1899 book by Sigmund Freud

The Interpretation of Dreams (Die Traumdeutung) is an 1899 book by Sigmund Freud, the founder of psychoanalysis, in which the author introduces his theory of the unconscious with respect to dream interpretation, and discusses what would later become the theory of the Oedipus complex. Freud revised the book at least eight times and, in the third edition, added an extensive section which treated dream symbolism very literally, following the influence of Wilhelm Stekel. Freud said of this work, "Insight such as this falls to one's lot but once in a lifetime."

Dated 1900, the book was first published in an edition of 600 copies, which did not sell out for eight years. The Interpretation of Dreams later gained in popularity, and seven more editions were published in Freud's lifetime.

Because of the book's length and complexity, Freud also wrote an abridged version called On Dreams. The original text is widely regarded as one of Freud's most significant works.

== Background ==

Freud spent the summer of 1895 at Schloss Bellevue near Grinzing in Austria, where he began the inception of The Interpretation of Dreams. In a 1900 letter to Wilhelm Fliess, he wrote in commemoration of the place:

Do you suppose that some day a marble tablet will be placed on the house, inscribed with these words: 'In this house on 24 July 1895, the secret of dreams was revealed to Dr. Sigm. Freud'? At the moment I see little prospect of it.

While staying at Schloss Bellevue, Freud dreamed his famous dream of 'Irma's injection'. He analyzed the dream as expressing an unconscious wish to be exonerated from his mishandling of the treatment of a patient in 1895. Schloss Bellevue was demolished in 1963, but a memorial plaque bearing Freud's imagined inscription has been erected at the site by the Vienna-based Sigmund Freud Society (Sigmund Freud Gesellschaft).

== Overview ==

Dreams, in Freud's view, are formed as the result of two mental processes. The first process involves unconscious forces that construct a wish that is expressed by the dream, and the second is the process of censorship that forcibly distorts the expression of the wish. In Freud's view, all dreams are forms of "wish fulfillment" (later in Beyond the Pleasure Principle, Freud would discuss dreams which do not appear to be wish-fulfillment). Freud states: "My presumption that dreams can be interpreted at once puts me in opposition to the ruling theory of dreams and in fact to every theory of dreams..."

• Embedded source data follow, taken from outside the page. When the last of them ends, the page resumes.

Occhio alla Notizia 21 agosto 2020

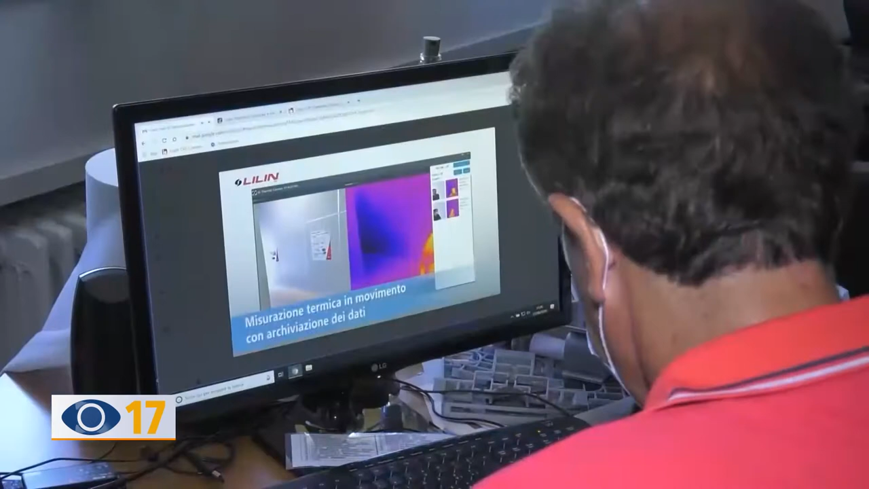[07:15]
Una telecamera ad infrarossi misurerà la
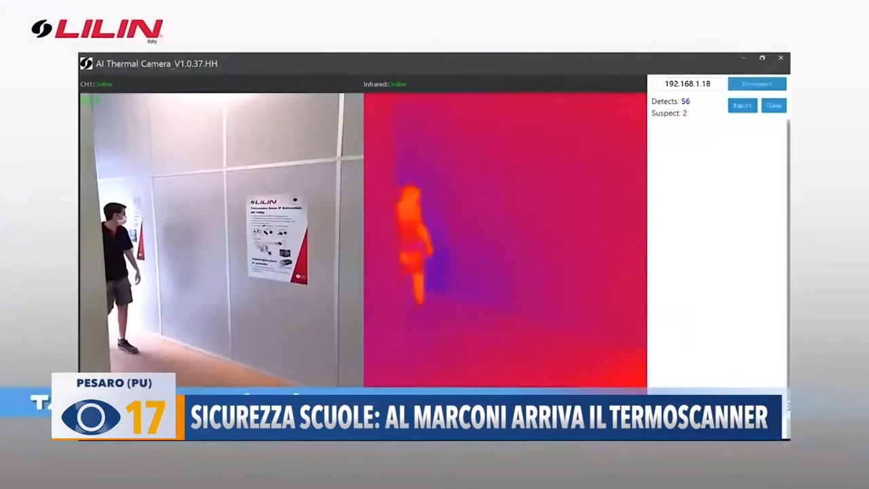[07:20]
temperatura corporea Del flusso quotidiano da 2000 studenti in entrata Avvisando in
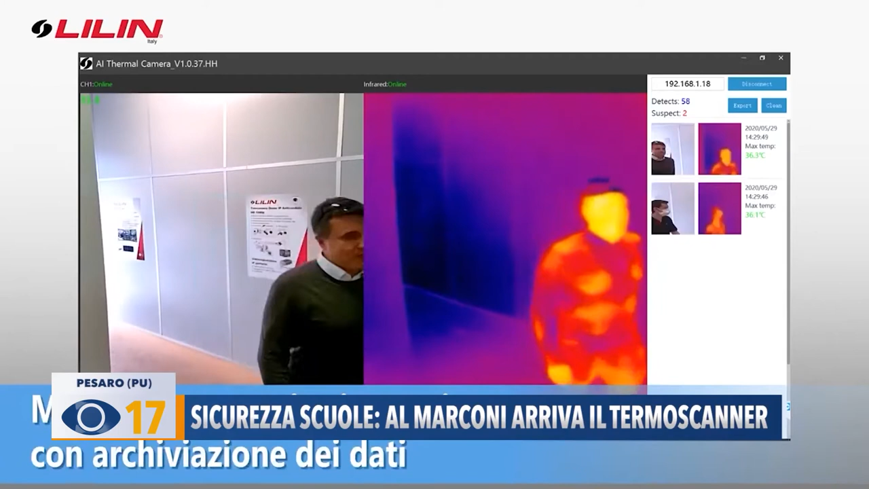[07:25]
tempo reale ogni alterazione sopra i 37 gradi e mezzo E così che il liceo
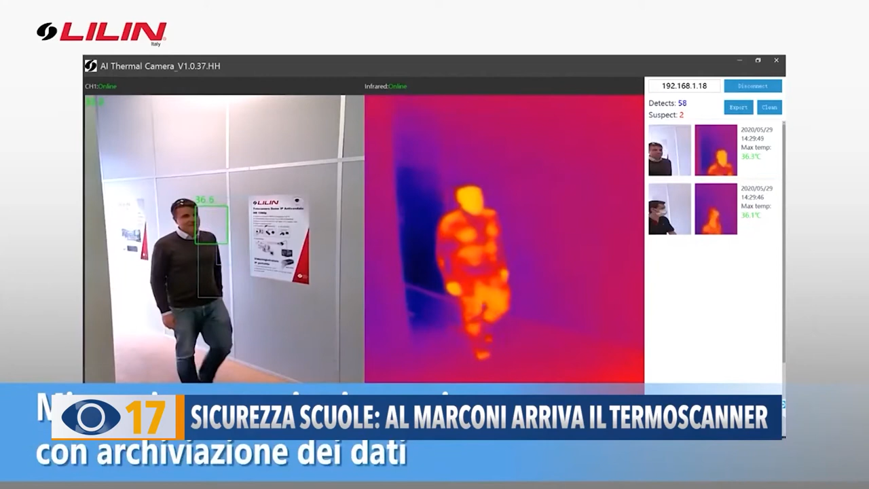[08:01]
rappresenta un corpo con una temperatura superiore a 37 gradi e mezzo
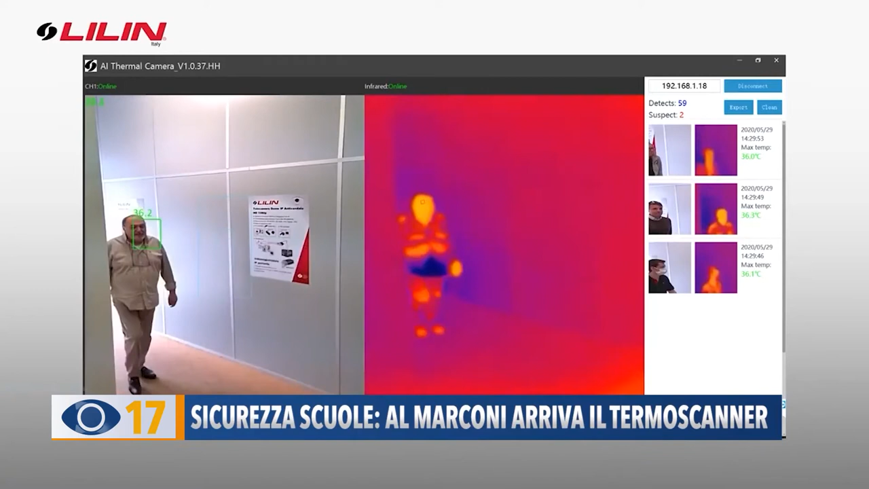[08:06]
Suona un allarme A quel punto c'è un collaboratore scolastico che ferma il ragazzo Gli fa un'ulteriore,

Freud advanced the idea that an analyst can differentiate between the manifest content and latent content of a dream. The manifest content refers to the remembered narrative that plays out in the dream itself. The latent content refers to the underlying meaning of the dream. During sleep, the unconscious condenses, displaces, and forms representations of the dream content, the latent content of which is often unrecognizable to the individual upon waking.

Critics have argued that Freud's theory of dreams requires sexual interpretation. Freud, however, contested this criticism, noting that "the assertion that all dreams require a sexual interpretation, against which critics rage so incessantly, occurs nowhere in my Interpretation of Dreams. It is not to be found in any of the numerous editions of this book and is in obvious contradiction to other views expressed in it." Freud stated that "[T]he interpretation of dreams is the royal road to a knowledge of the unconscious activities of the mind."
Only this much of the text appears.